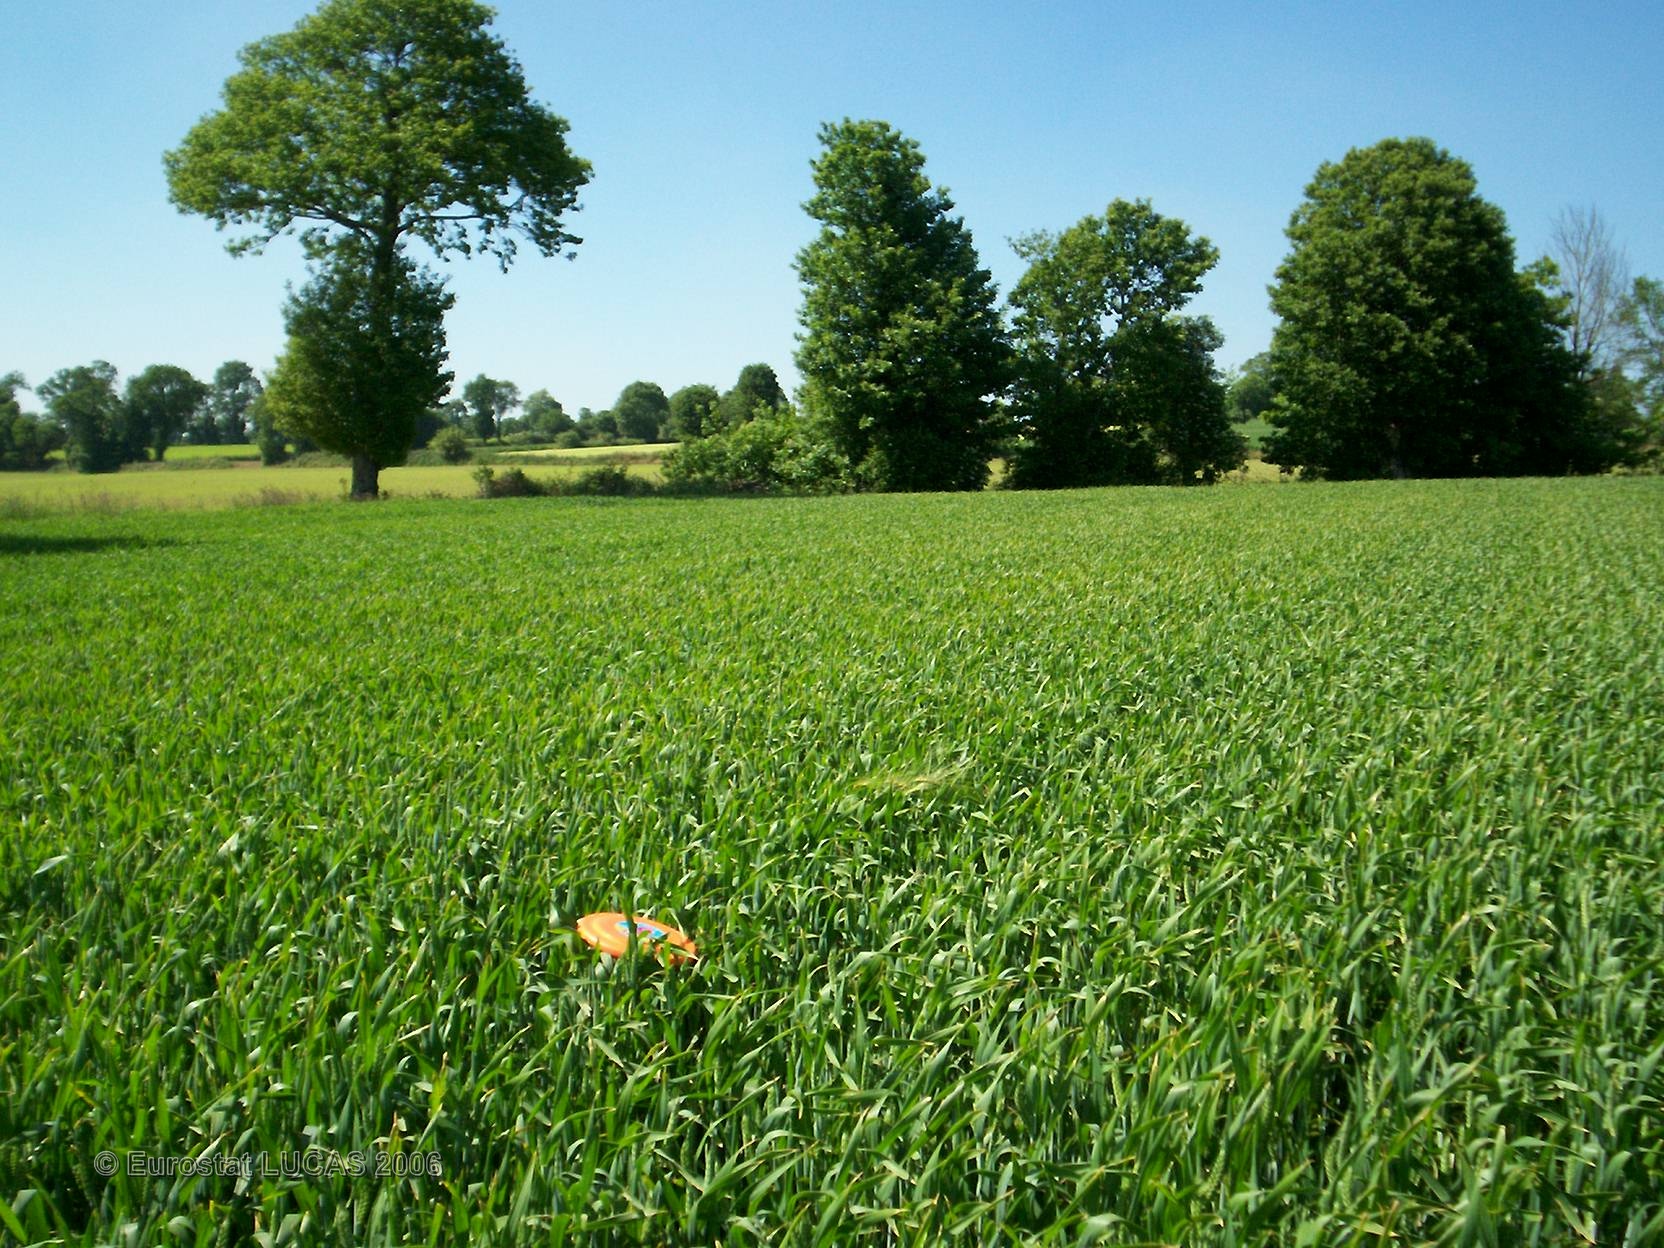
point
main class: Cropland
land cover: Common wheat
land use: Agriculture (excluding fallow land and kitchen gardens)
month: June
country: FR
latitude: 48.4180
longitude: -1.6830
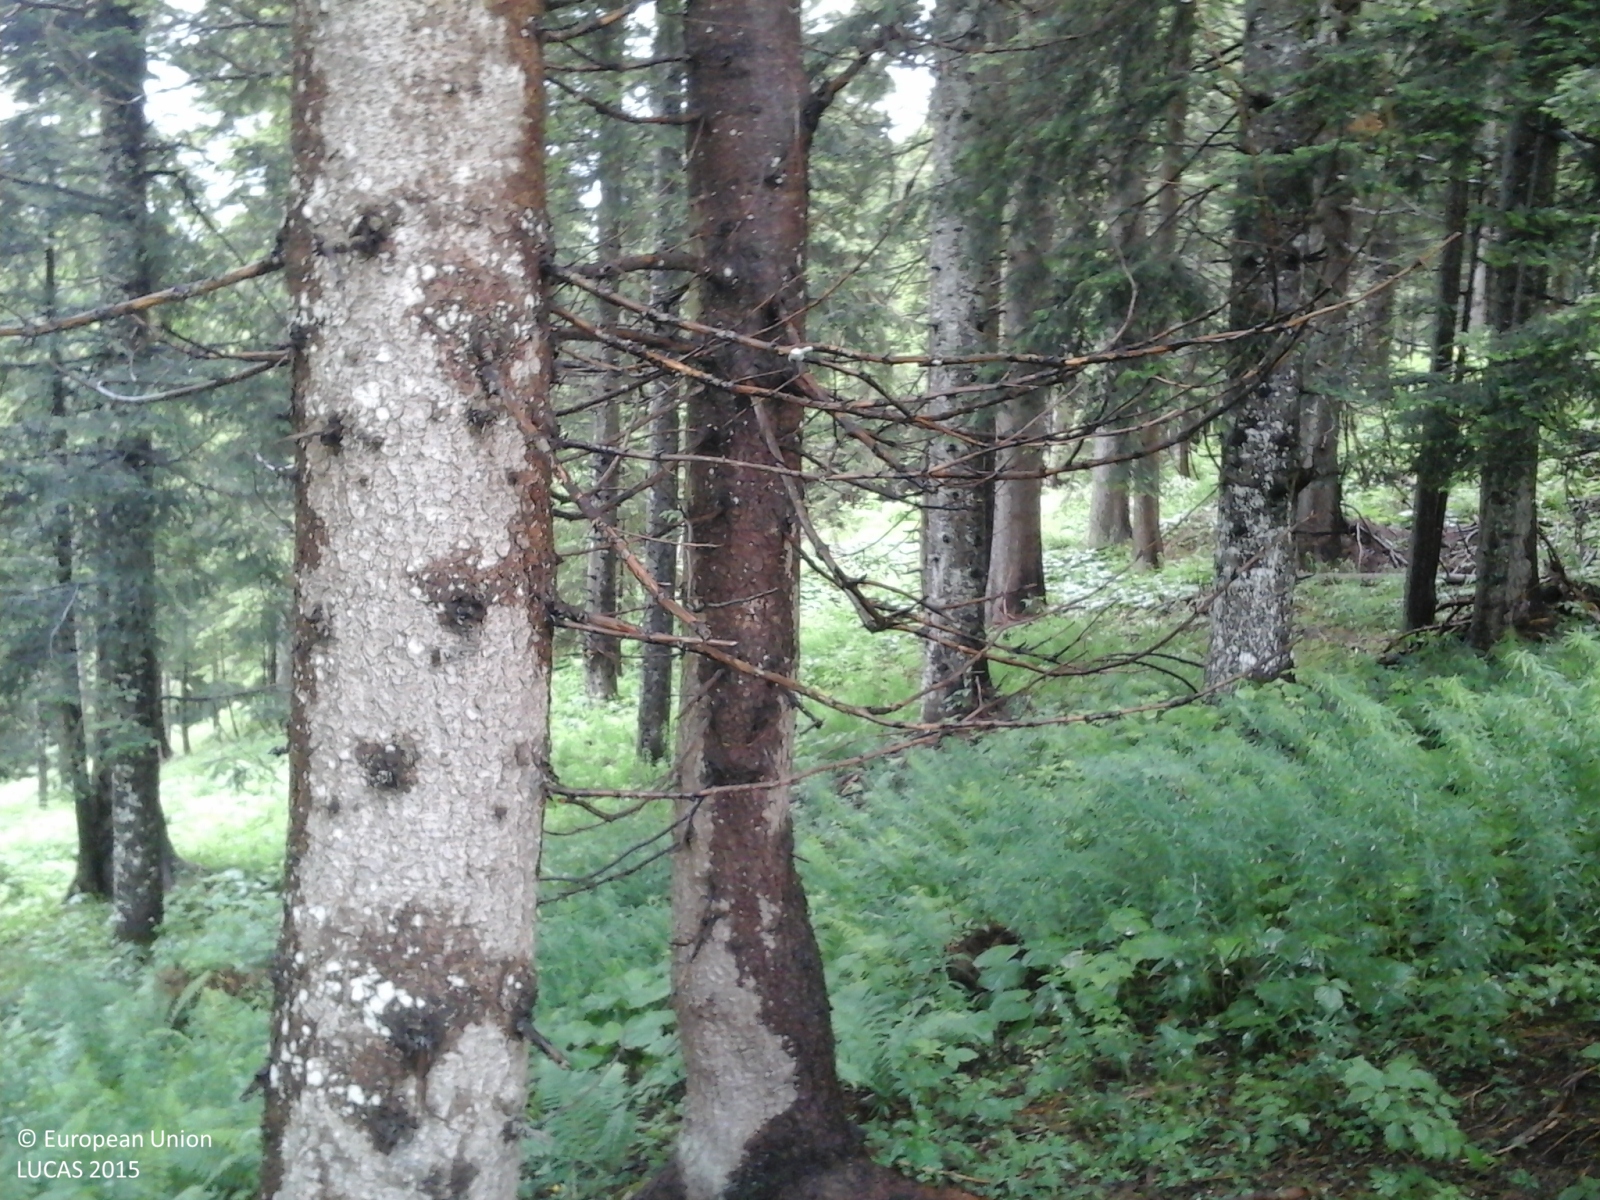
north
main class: Woodland
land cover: Spruce dominated coniferous woodland
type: alpine coniferous forest
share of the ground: > 75 %
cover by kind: coniferous forest trees 100 %
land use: Forestry
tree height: > 5 m
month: June
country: IT
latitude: 45.9787
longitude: 11.6112
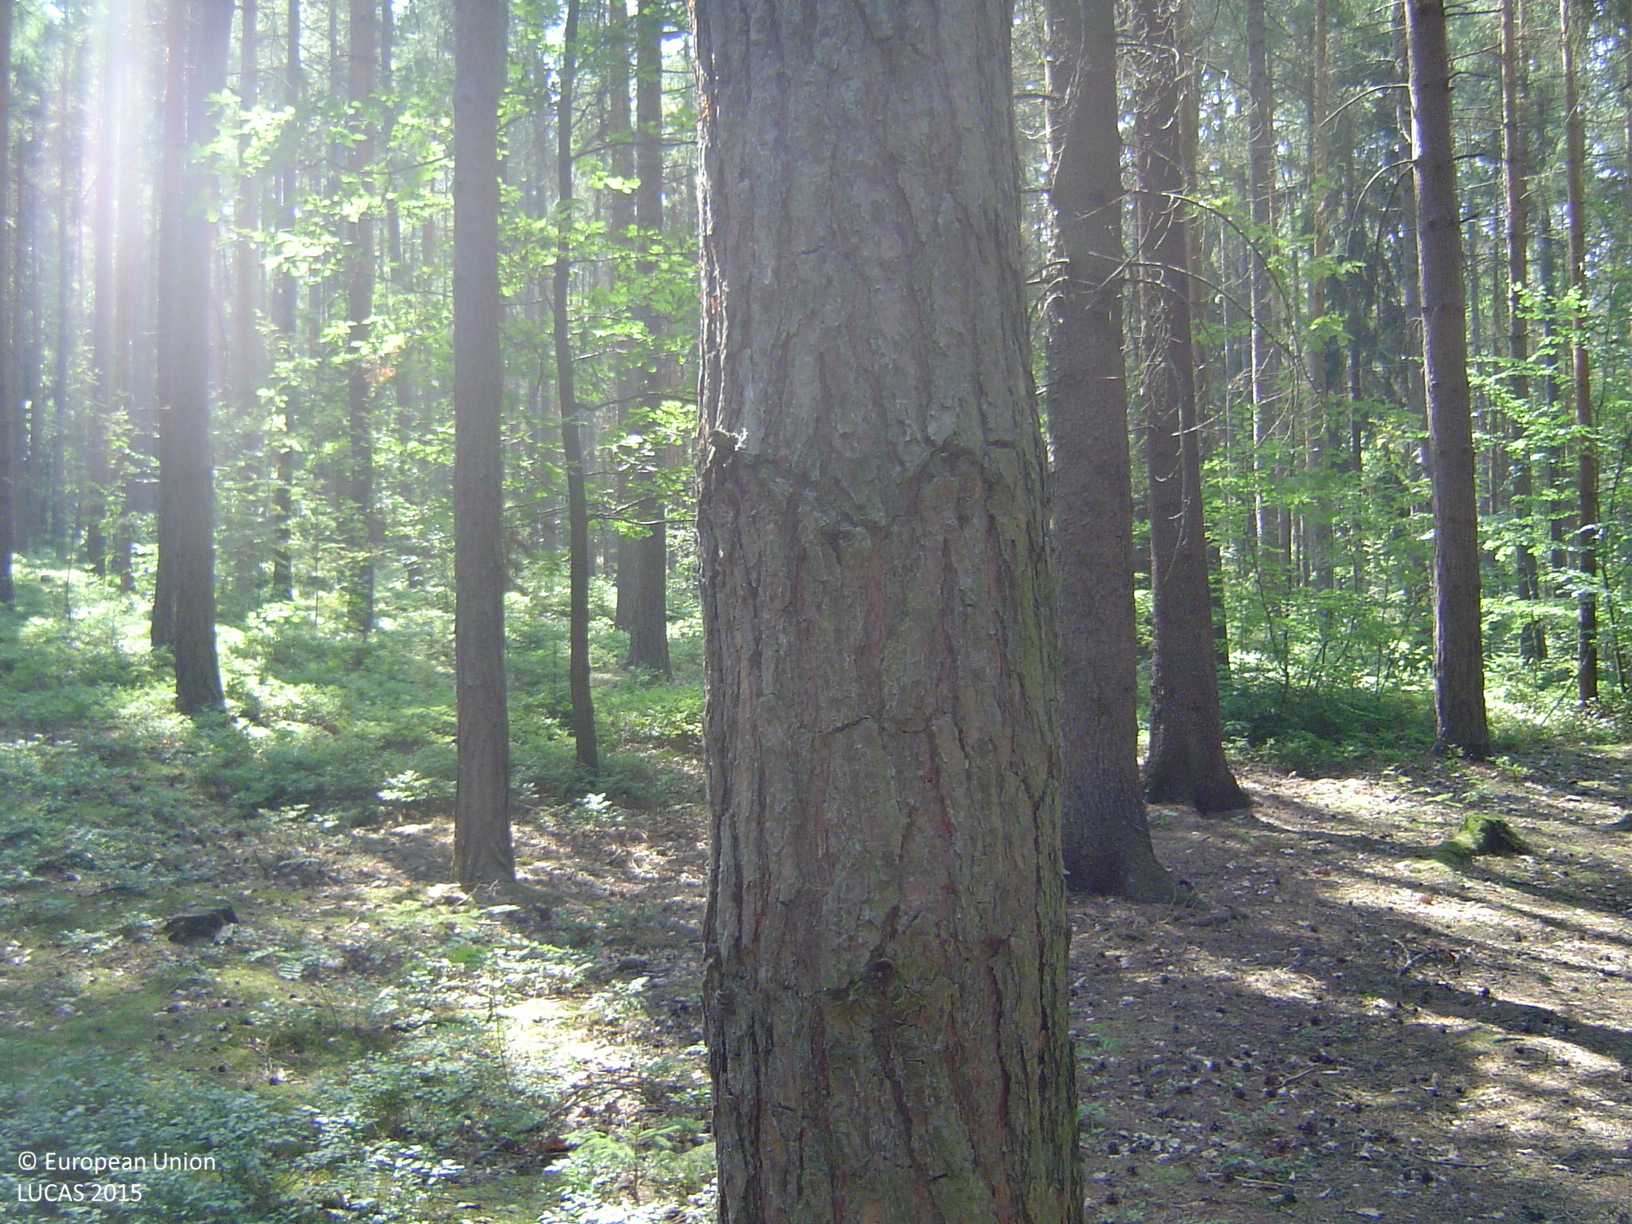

### YOUR TASK:
Begin at the line containing "land use: Forestry" and copy every line through the end of the data above exactly, omitting the pictures.

### OUTPUT OF THE TASK:
land use: Forestry
tree height: > 5 m
month: June
country: IT
latitude: 45.9787
longitude: 11.6112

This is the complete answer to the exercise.